Un evento che intreccia design, letteratura e sensibilità umana.
Un appuntamento che celebra il valore del design come linguaggio capace di dialogare con l’arte, la scrittura e l’impegno sociale.
È con questo spirito che Simonetta Rossi, ideatrice di DesignPuntoZero, ha deciso di ospitare la presentazione del libro “È stata tutta vita” di Valentina Mastroianni, un evento inserito nella rassegna letteraria “Autunno tra le righe”, promossa dall’Amministrazione comunale di Busto Arsizio.
L’incontro, organizzato domenica 5 ottobre, ha registrato il tutto esaurito, a conferma di quanto il design possa essere terreno fertile per costruire connessioni tra mondi diversi: quello del progetto, della parola e della sensibilità sociale.

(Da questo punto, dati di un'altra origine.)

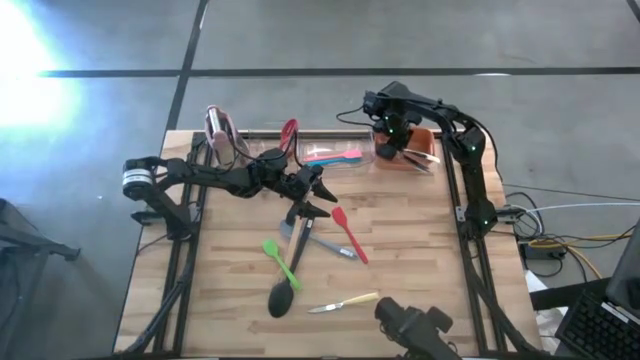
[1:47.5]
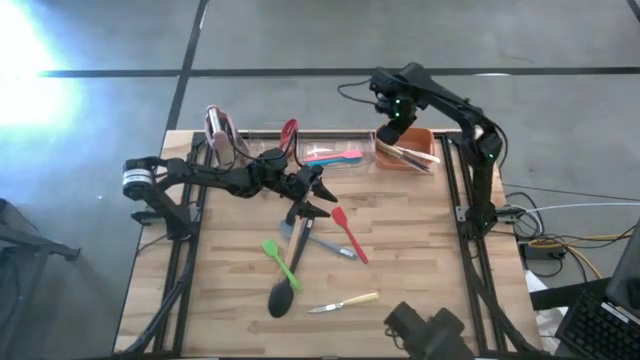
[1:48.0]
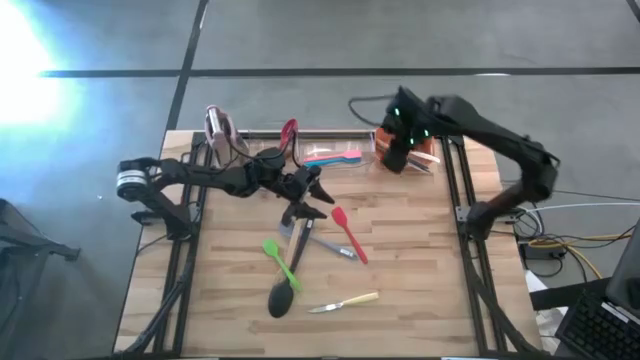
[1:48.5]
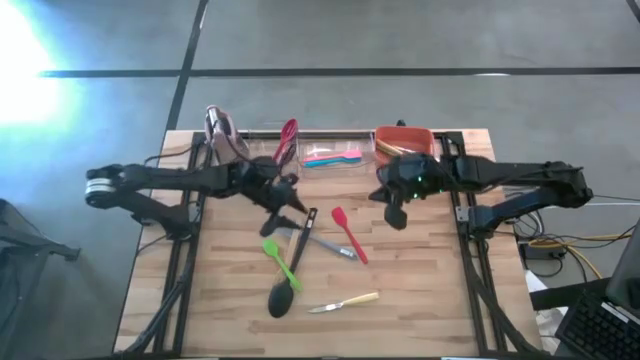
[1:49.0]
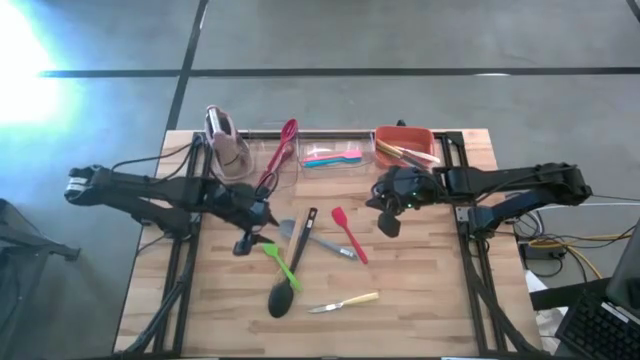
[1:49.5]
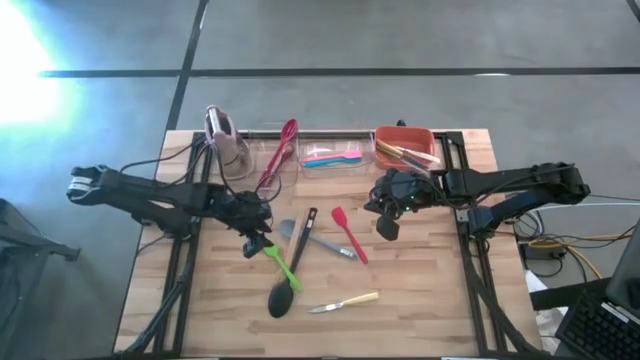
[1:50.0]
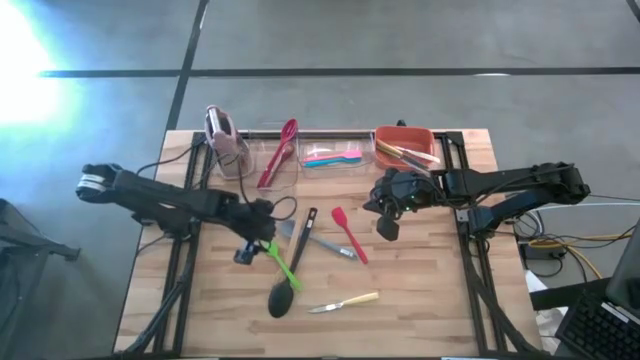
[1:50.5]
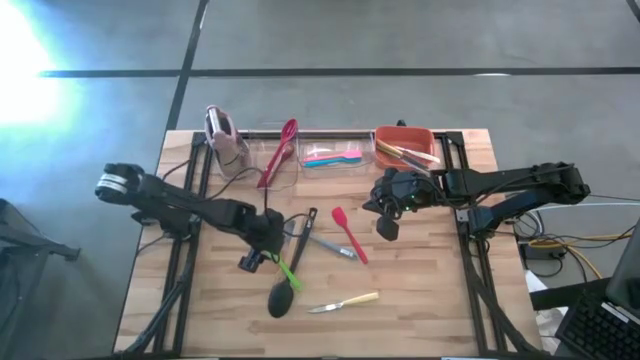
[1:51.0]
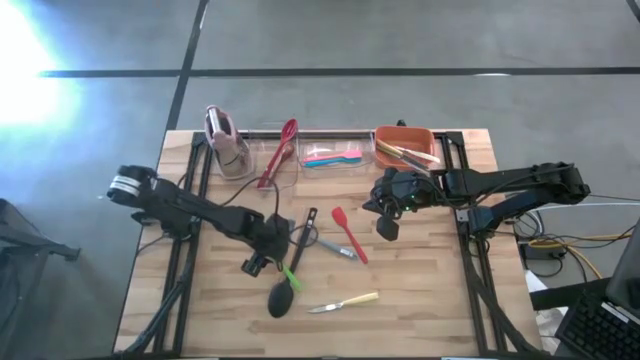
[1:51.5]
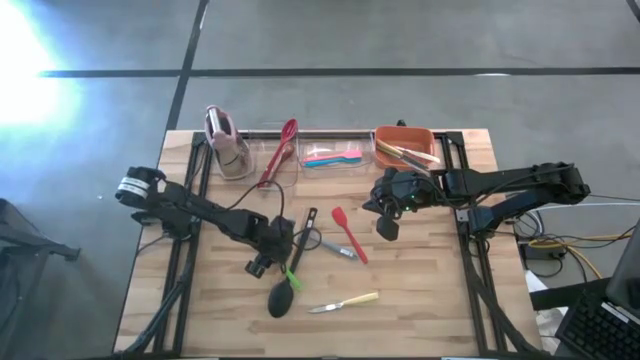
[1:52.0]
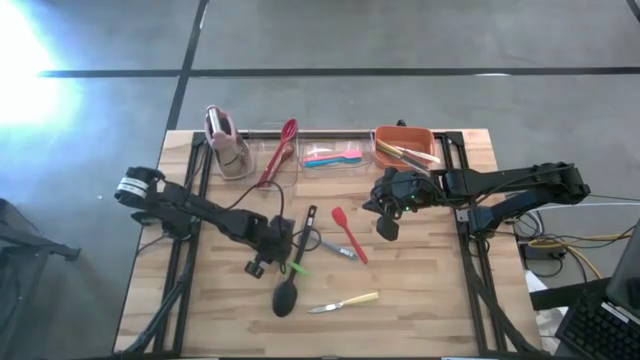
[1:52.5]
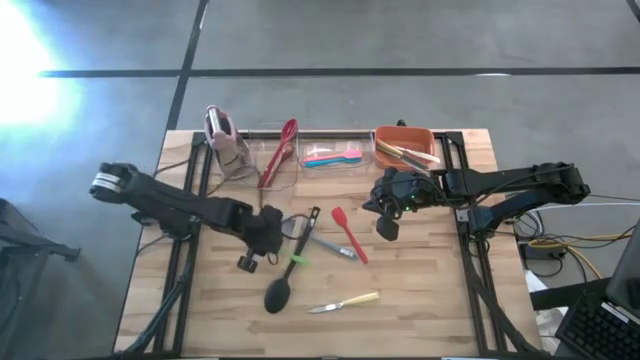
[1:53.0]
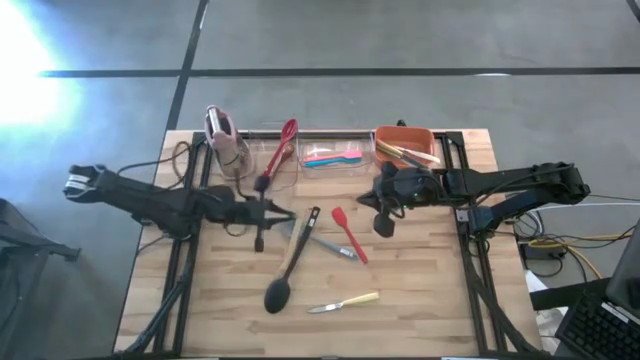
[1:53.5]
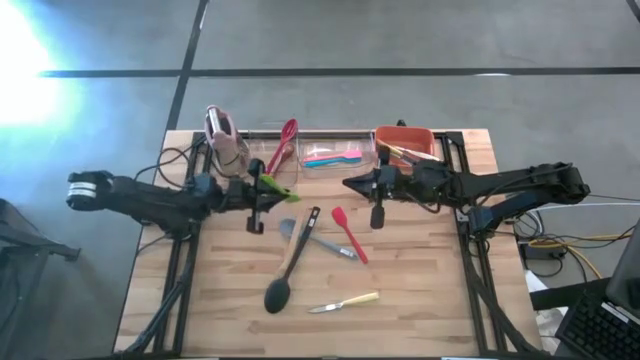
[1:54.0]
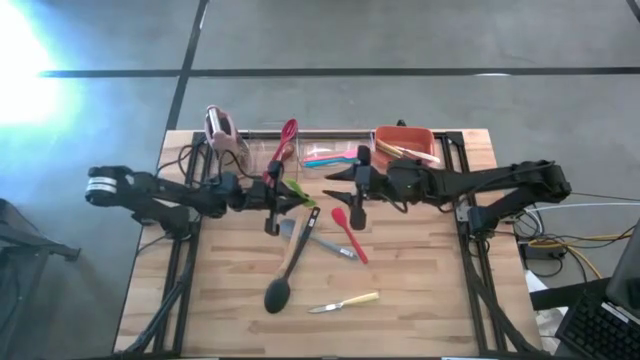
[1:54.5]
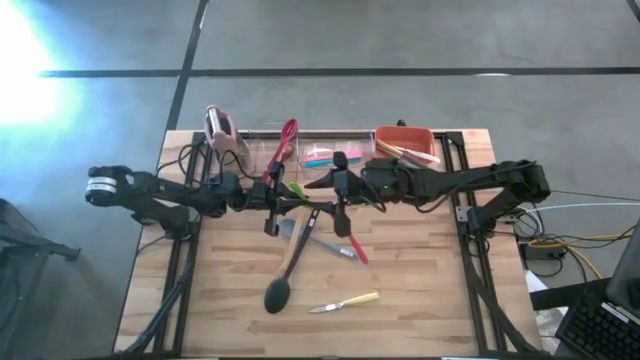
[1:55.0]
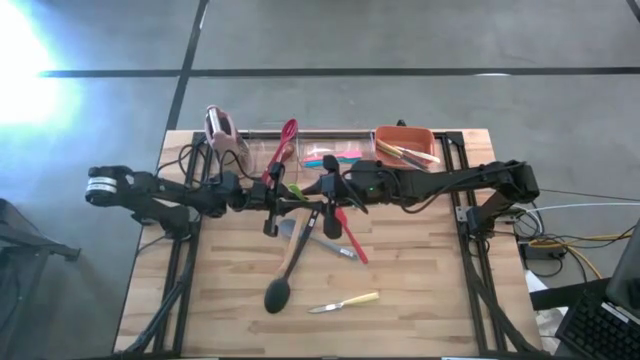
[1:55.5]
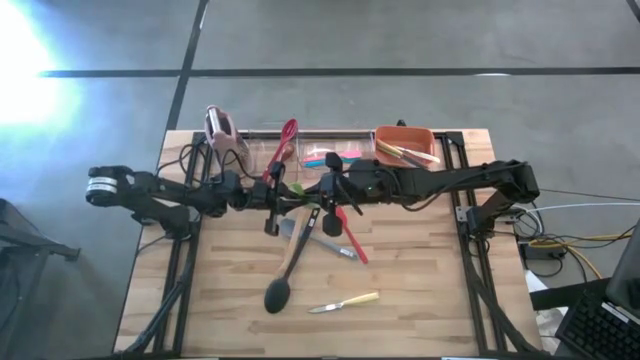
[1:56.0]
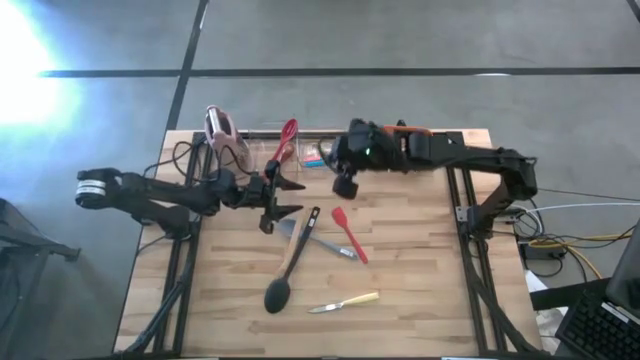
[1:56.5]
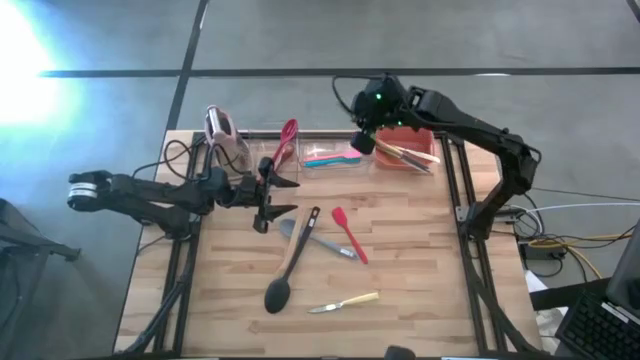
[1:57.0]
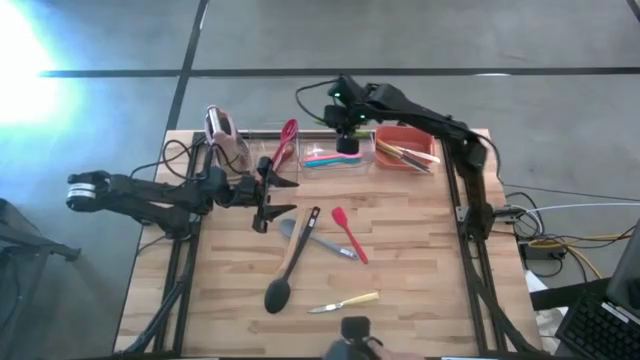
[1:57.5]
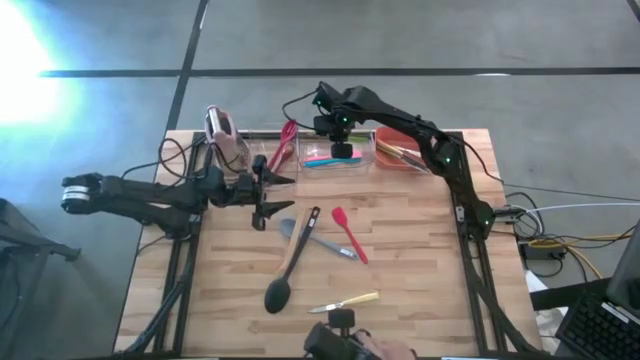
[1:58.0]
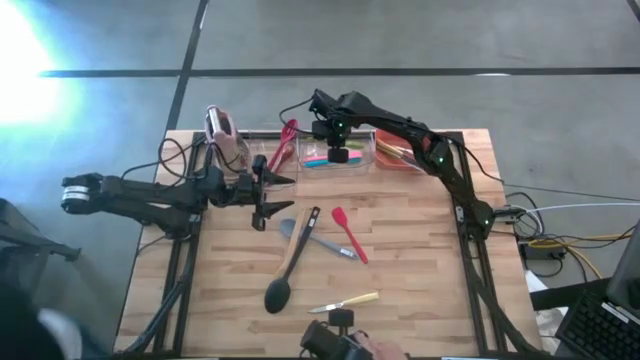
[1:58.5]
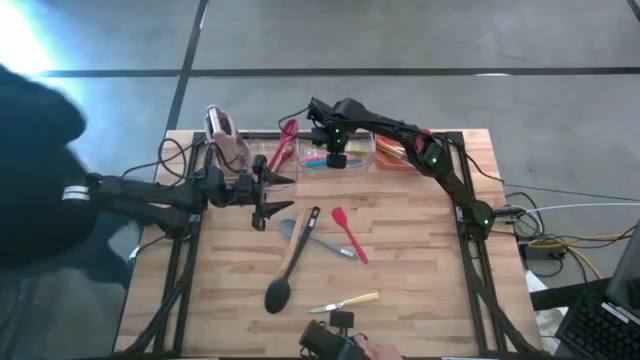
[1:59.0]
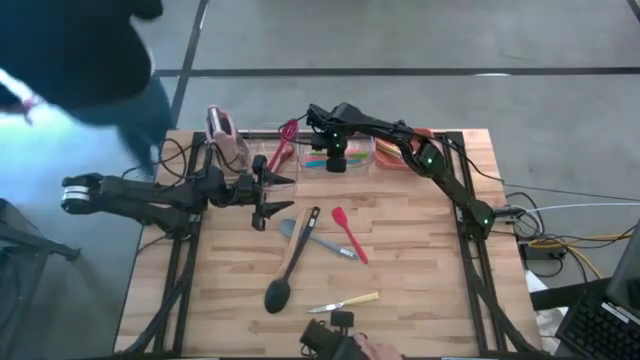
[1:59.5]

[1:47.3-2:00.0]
Task: Pick & Place Kitchen Items
Put the green spatula into the right transparent bin

Molti conoscono già la storia di Cesare, il bambino al centro del racconto di Mastroianni, grazie al blog personale della madre — seguito da oltre 400mila persone — che negli anni ha dato voce a una testimonianza di amore e forza straordinaria.


Cesare conviveva con una malattia genetica rara, la neurofibromatosi, che lo aveva reso cieco a soli 18 mesi. Era di Conegliano, ma con la sua famiglia si era trasferito a Genova: la mamma Valentina, il papà Federico, i fratelli Alessandro e Teresa.
Di loro, e della comunità che si è stretta attorno a questa esperienza, parla È stata tutta vita, edito da De Agostini. «Questo libro è un omaggio a Cesare — ha raccontato l’autrice — e, anche se affronta un tema difficile, c’è speranza in ogni pagina. C’è vita. C’è tutto quello che lui ci ha donato».
Il dialogo con Mastroianni, condotto con sensibilità dalla giornalista de La Prealpina Sara Magnoli, ha intrecciato emozione e riflessione, restituendo al pubblico un racconto autentico di coraggio, perdita e rinascita.
L’atmosfera del Kong, con le sue luci calde, le texture materiche e l’allestimento curato nei dettagli, ha amplificato il valore del momento.
Un incontro che ha lasciato un segno profondo, ricordando che il design non è solo forma o funzione, ma dialogo, emozione e visione: un linguaggio universale capace di dare voce ai pensieri e forma alle storie.


Il concept store DesignPuntoZero, ideato dall’architetto Simonetta Rossi, si conferma così non solo come spazio di ricerca estetica, ma anche come luogo dove le idee si incontrano, dove la bellezza si intreccia al valore umano e dove il design diventa strumento di connessione sociale.
A curare l’organizzazione e il coordinamento della serata è stata Eva Alice Rossi.